◆ Task brief ◆
Output, word for word, the lines of this listing that fall between the line with "L 452.653 326.038" and the line with "d='M 579.7 653.142", counting both of those lines, and no others.

◆ Data provided ◆
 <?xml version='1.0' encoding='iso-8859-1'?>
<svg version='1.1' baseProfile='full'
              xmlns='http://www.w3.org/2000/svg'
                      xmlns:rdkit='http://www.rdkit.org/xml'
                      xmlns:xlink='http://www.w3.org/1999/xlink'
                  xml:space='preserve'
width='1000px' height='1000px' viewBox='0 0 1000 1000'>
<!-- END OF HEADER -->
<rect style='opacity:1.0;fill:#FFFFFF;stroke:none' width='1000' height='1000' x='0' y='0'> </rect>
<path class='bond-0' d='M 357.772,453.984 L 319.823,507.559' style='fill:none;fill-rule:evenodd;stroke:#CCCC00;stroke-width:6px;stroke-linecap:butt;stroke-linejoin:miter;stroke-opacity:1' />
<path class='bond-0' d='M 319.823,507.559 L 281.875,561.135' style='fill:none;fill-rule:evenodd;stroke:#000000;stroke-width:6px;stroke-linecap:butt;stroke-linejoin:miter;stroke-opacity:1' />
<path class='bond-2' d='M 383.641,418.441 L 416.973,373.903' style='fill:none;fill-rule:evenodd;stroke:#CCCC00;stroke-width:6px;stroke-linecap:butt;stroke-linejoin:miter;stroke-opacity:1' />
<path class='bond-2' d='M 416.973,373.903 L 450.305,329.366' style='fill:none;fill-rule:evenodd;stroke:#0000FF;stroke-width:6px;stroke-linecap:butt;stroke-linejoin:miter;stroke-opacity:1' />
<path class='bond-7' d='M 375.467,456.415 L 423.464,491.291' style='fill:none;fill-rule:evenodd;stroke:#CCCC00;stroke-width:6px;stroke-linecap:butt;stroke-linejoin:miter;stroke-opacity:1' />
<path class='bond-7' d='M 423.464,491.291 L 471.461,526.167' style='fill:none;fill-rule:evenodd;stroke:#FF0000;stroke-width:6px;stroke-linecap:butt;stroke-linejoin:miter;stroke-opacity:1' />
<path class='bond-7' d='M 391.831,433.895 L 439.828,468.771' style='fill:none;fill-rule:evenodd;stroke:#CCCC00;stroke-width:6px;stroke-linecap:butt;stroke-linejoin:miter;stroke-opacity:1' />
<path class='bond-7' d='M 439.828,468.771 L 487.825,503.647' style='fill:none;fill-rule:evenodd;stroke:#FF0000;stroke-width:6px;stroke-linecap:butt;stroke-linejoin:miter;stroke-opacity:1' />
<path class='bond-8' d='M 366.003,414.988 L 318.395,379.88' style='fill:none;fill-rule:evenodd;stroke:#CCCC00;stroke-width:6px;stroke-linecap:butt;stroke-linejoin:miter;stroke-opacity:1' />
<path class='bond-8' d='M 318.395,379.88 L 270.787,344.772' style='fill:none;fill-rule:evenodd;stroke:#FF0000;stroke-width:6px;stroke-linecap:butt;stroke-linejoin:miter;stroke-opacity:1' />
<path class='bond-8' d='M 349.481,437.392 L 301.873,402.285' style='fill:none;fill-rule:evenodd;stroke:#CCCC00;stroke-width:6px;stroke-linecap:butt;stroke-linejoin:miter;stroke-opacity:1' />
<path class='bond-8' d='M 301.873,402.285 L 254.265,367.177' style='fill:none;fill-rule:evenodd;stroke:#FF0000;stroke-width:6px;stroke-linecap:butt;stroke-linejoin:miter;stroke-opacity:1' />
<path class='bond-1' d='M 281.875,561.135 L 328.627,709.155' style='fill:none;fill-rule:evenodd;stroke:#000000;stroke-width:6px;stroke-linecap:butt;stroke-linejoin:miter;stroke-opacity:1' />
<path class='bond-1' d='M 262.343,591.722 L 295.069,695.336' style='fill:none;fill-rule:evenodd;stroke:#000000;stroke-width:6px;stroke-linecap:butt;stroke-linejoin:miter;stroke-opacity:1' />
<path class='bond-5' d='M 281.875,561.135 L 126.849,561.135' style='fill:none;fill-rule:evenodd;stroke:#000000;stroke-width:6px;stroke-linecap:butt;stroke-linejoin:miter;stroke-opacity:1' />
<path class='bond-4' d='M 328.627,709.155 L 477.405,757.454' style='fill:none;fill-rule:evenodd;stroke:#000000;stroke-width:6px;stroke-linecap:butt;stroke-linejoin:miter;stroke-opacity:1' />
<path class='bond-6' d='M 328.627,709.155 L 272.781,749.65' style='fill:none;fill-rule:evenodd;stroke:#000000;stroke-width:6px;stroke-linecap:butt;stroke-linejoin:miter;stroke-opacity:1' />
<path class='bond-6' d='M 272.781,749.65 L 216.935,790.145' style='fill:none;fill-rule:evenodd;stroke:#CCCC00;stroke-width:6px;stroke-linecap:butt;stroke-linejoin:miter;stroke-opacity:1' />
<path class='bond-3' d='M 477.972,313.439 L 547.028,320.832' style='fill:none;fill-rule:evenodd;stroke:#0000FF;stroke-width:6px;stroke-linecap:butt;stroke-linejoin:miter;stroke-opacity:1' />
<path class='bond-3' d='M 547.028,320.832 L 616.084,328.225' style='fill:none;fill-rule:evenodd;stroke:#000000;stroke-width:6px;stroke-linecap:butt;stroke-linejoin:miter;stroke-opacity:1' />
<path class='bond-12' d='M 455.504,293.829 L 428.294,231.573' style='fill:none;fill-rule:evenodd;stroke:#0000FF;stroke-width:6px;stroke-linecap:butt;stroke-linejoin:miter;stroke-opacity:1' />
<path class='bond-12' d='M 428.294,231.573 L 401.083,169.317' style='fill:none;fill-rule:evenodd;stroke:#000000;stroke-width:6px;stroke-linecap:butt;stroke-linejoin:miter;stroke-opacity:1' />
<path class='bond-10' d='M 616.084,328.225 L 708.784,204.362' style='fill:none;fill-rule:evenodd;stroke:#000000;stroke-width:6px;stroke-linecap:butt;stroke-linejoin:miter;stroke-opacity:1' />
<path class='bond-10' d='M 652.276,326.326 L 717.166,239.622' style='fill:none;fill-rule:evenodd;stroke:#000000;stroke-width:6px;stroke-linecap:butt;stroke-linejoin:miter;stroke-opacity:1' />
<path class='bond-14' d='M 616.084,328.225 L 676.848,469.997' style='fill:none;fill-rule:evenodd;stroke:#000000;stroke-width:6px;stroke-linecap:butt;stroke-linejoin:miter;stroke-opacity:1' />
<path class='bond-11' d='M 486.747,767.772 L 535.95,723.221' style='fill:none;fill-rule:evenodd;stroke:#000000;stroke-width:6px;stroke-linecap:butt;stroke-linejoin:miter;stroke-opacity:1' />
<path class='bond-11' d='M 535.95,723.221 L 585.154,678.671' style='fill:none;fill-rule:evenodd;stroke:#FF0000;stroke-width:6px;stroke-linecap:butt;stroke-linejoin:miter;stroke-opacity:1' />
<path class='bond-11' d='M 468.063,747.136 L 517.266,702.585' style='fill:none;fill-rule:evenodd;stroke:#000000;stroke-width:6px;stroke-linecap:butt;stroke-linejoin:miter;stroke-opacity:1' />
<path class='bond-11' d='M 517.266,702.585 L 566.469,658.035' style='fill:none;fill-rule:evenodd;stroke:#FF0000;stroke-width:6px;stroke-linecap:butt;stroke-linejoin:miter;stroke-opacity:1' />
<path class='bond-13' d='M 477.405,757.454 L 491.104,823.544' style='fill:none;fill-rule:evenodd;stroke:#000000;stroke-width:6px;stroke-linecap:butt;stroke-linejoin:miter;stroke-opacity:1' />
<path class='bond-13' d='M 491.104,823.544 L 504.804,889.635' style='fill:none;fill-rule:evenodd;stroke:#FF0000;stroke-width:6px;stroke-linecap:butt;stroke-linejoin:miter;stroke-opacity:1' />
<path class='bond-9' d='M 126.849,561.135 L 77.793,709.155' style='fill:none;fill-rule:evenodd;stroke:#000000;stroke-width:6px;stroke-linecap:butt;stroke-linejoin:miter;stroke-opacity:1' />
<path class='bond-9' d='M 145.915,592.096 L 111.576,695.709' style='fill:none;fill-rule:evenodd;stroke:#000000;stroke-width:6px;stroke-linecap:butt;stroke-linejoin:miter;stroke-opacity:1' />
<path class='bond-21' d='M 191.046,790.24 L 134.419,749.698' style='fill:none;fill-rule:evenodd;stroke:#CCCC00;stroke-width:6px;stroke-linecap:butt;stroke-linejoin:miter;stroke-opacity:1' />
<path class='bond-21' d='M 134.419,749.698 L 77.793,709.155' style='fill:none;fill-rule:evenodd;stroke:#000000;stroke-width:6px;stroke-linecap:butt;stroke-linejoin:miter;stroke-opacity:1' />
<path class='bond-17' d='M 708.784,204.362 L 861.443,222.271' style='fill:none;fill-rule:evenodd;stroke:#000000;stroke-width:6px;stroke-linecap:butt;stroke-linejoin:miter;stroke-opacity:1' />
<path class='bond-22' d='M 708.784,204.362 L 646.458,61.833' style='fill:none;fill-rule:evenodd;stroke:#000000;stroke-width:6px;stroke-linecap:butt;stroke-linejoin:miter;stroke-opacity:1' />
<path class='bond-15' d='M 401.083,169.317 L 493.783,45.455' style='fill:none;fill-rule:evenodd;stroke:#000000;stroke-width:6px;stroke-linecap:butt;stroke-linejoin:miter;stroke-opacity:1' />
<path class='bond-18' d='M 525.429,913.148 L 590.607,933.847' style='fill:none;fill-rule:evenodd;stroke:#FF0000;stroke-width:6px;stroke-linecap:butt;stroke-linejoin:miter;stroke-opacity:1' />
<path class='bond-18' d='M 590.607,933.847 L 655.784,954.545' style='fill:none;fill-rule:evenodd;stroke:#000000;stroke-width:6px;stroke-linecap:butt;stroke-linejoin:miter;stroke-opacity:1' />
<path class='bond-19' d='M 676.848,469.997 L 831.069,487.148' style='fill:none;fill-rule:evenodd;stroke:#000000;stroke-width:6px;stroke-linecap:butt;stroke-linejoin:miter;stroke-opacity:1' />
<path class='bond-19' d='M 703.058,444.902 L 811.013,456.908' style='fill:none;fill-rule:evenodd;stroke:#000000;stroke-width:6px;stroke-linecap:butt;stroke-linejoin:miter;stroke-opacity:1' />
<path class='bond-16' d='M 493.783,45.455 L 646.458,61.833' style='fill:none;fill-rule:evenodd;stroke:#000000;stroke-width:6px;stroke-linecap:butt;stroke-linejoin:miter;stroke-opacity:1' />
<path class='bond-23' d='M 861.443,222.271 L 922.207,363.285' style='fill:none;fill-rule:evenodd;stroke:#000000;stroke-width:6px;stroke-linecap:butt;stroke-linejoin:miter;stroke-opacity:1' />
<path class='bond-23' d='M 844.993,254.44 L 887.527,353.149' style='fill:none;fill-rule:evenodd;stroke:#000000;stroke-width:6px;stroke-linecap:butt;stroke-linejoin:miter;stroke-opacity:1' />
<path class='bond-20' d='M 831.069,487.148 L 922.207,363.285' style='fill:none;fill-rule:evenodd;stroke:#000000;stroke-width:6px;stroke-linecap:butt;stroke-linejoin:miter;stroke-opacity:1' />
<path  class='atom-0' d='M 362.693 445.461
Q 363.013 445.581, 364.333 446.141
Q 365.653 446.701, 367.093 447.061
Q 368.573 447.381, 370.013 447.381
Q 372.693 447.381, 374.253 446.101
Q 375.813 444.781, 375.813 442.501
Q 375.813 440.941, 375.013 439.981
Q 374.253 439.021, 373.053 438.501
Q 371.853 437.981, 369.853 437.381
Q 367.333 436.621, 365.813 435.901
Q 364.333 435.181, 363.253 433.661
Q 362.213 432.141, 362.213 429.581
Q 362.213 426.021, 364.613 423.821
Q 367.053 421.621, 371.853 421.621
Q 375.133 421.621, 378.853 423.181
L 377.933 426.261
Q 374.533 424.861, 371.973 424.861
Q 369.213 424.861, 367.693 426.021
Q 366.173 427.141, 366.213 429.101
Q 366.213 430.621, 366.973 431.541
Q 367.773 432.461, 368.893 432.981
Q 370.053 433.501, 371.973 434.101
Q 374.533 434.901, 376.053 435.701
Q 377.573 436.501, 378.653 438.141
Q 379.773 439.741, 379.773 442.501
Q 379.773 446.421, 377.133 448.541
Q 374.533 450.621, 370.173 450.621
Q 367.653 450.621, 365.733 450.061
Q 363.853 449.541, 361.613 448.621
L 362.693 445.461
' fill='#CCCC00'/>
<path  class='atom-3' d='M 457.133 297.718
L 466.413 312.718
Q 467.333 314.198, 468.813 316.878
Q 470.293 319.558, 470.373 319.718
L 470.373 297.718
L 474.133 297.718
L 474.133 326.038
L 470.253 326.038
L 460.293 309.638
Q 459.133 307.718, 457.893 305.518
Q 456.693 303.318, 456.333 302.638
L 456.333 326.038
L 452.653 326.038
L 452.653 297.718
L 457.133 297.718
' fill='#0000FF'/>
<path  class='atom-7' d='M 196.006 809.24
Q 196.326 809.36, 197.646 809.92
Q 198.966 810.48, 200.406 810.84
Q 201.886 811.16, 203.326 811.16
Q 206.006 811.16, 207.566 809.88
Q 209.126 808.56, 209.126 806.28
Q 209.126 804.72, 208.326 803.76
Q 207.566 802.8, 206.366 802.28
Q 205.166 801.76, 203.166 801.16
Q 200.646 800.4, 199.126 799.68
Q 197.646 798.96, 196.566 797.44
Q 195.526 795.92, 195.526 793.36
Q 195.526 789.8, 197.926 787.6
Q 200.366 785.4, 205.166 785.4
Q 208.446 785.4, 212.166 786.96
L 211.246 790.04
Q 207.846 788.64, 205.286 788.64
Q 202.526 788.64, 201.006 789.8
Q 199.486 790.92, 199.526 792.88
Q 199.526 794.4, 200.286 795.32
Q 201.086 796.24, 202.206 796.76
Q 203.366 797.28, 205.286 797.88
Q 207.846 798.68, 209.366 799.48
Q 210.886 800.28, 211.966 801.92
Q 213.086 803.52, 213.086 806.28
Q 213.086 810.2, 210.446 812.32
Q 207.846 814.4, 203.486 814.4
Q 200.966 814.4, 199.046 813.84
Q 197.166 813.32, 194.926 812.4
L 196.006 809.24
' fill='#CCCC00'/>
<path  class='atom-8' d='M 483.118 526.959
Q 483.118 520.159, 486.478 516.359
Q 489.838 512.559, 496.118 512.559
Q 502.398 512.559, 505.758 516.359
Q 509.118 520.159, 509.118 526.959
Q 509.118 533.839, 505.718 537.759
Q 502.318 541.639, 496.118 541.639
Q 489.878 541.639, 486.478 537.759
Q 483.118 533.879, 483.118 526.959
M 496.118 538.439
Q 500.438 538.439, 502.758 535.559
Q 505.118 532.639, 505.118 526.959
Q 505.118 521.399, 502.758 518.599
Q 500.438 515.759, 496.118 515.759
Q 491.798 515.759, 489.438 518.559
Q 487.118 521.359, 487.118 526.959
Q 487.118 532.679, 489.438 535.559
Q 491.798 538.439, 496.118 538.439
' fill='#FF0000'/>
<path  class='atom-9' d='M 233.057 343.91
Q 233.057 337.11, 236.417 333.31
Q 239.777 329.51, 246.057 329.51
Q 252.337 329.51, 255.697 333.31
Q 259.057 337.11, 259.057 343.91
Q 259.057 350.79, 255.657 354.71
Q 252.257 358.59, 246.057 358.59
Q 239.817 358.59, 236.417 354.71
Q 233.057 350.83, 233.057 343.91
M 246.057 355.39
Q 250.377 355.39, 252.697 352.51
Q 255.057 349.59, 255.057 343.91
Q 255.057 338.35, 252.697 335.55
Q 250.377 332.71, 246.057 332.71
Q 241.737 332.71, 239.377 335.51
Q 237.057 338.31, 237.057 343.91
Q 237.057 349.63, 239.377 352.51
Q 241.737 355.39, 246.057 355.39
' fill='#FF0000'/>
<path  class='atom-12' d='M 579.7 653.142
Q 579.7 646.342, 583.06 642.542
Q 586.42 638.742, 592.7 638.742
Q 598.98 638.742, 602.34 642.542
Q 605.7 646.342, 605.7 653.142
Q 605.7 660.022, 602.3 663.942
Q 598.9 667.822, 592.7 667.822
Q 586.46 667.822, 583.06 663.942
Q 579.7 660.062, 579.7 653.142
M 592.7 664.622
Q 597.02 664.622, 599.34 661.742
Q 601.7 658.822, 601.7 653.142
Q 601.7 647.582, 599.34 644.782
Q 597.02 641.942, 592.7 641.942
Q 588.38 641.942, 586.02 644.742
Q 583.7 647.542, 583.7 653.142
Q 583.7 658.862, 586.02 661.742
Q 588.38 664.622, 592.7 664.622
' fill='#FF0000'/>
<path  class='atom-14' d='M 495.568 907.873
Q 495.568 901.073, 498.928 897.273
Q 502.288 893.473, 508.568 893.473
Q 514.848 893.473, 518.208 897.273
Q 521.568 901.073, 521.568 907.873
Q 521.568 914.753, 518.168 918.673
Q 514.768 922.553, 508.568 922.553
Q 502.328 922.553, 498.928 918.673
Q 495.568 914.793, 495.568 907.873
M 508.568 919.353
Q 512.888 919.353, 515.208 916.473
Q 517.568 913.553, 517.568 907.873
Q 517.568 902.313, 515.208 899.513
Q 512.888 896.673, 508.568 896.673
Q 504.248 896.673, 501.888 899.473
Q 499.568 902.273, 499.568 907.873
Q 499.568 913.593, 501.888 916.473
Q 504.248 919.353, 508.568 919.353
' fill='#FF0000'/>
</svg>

◆ Problem solution ◆
L 452.653 326.038
L 452.653 297.718
L 457.133 297.718
' fill='#0000FF'/>
<path  class='atom-7' d='M 196.006 809.24
Q 196.326 809.36, 197.646 809.92
Q 198.966 810.48, 200.406 810.84
Q 201.886 811.16, 203.326 811.16
Q 206.006 811.16, 207.566 809.88
Q 209.126 808.56, 209.126 806.28
Q 209.126 804.72, 208.326 803.76
Q 207.566 802.8, 206.366 802.28
Q 205.166 801.76, 203.166 801.16
Q 200.646 800.4, 199.126 799.68
Q 197.646 798.96, 196.566 797.44
Q 195.526 795.92, 195.526 793.36
Q 195.526 789.8, 197.926 787.6
Q 200.366 785.4, 205.166 785.4
Q 208.446 785.4, 212.166 786.96
L 211.246 790.04
Q 207.846 788.64, 205.286 788.64
Q 202.526 788.64, 201.006 789.8
Q 199.486 790.92, 199.526 792.88
Q 199.526 794.4, 200.286 795.32
Q 201.086 796.24, 202.206 796.76
Q 203.366 797.28, 205.286 797.88
Q 207.846 798.68, 209.366 799.48
Q 210.886 800.28, 211.966 801.92
Q 213.086 803.52, 213.086 806.28
Q 213.086 810.2, 210.446 812.32
Q 207.846 814.4, 203.486 814.4
Q 200.966 814.4, 199.046 813.84
Q 197.166 813.32, 194.926 812.4
L 196.006 809.24
' fill='#CCCC00'/>
<path  class='atom-8' d='M 483.118 526.959
Q 483.118 520.159, 486.478 516.359
Q 489.838 512.559, 496.118 512.559
Q 502.398 512.559, 505.758 516.359
Q 509.118 520.159, 509.118 526.959
Q 509.118 533.839, 505.718 537.759
Q 502.318 541.639, 496.118 541.639
Q 489.878 541.639, 486.478 537.759
Q 483.118 533.879, 483.118 526.959
M 496.118 538.439
Q 500.438 538.439, 502.758 535.559
Q 505.118 532.639, 505.118 526.959
Q 505.118 521.399, 502.758 518.599
Q 500.438 515.759, 496.118 515.759
Q 491.798 515.759, 489.438 518.559
Q 487.118 521.359, 487.118 526.959
Q 487.118 532.679, 489.438 535.559
Q 491.798 538.439, 496.118 538.439
' fill='#FF0000'/>
<path  class='atom-9' d='M 233.057 343.91
Q 233.057 337.11, 236.417 333.31
Q 239.777 329.51, 246.057 329.51
Q 252.337 329.51, 255.697 333.31
Q 259.057 337.11, 259.057 343.91
Q 259.057 350.79, 255.657 354.71
Q 252.257 358.59, 246.057 358.59
Q 239.817 358.59, 236.417 354.71
Q 233.057 350.83, 233.057 343.91
M 246.057 355.39
Q 250.377 355.39, 252.697 352.51
Q 255.057 349.59, 255.057 343.91
Q 255.057 338.35, 252.697 335.55
Q 250.377 332.71, 246.057 332.71
Q 241.737 332.71, 239.377 335.51
Q 237.057 338.31, 237.057 343.91
Q 237.057 349.63, 239.377 352.51
Q 241.737 355.39, 246.057 355.39
' fill='#FF0000'/>
<path  class='atom-12' d='M 579.7 653.142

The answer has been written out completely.